Mexico-headquartered Alpek will shut down its RPET plant in Reading, Pennsylvania, in mid-March, according to a WARN notice filed with the state.
According to the notification, 100 employees will be affected, and the site closure will be effective March 15. The company still has RPET production at its Indiana plant. The Reading plant is the former site of CarbonLite operations.
Last June, Alpek announced it was closing its plant in North Carolina, which included both virgin and RPET production. Alpek is the largest PET producer globally, listing on its site 15 manufacturing locations in nine countries, including the US, Mexico, Brazil, Argentina, UK, Canada, United Arab Emirates, Oman and Saudi Arabia.
Steve Alexander, CEO of the Association of Plastic Recyclers, told Plastics Recycling News the closure was “yet another unfortunate result” of factors including global overproduction of virgin plastic, imports of inexpensive recycled resin, and the lack of support for the domestic plastics recycling industry, including brands that have backed away from PCR content commitments.

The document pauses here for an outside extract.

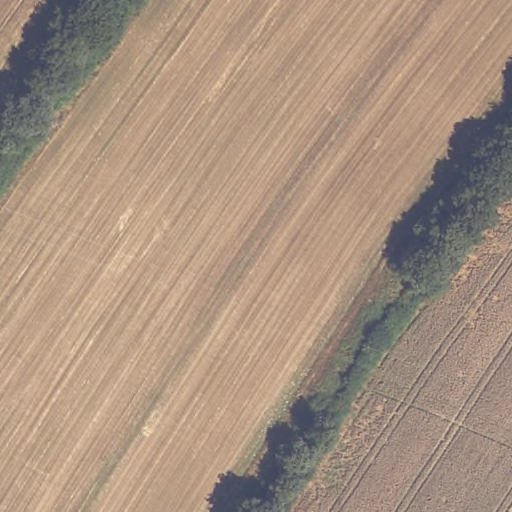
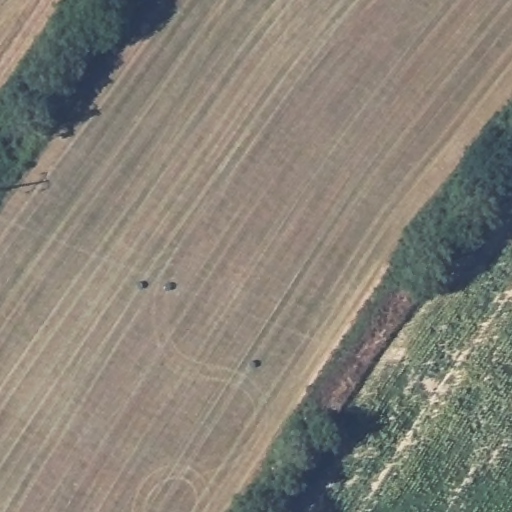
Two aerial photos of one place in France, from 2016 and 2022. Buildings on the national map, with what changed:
[]

APR owns Resource Recycling, Inc., publisher of Plastics Recycling News.
“You know, we hear a lot about infrastructure, and we have a recycling industry which can produce both volume and quality of material that the market wants, but because there are cheaper alternatives, people are going to go to that,” he said. “And the fact of the matter is that no recycler is going to continue to invest in this without a market.”
He added that the facilities that have closed, including rPlanet Earth and Natura PCR, were all built within the last 15 years. “It’s not like it’s an aging infrastructure or an aging industry.”
At the heart of the recent failures is that the US has provided incentives for renewable energy, such as purchases of electric vehicles and for providing infrastructure to charge them. “And yet, we have a material that reduces the use of fossil fuels, takes less energy to produce, reduces carbon footprint, as well as someone’s global greenhouse gas emissions by using recycled material, and we don’t incentivize the utilization of that.”
As such, Alexander emphasized the need for stakeholders to work together to advance policy initiatives to support the domestic plastics recycling industry, “or there won’t be any.”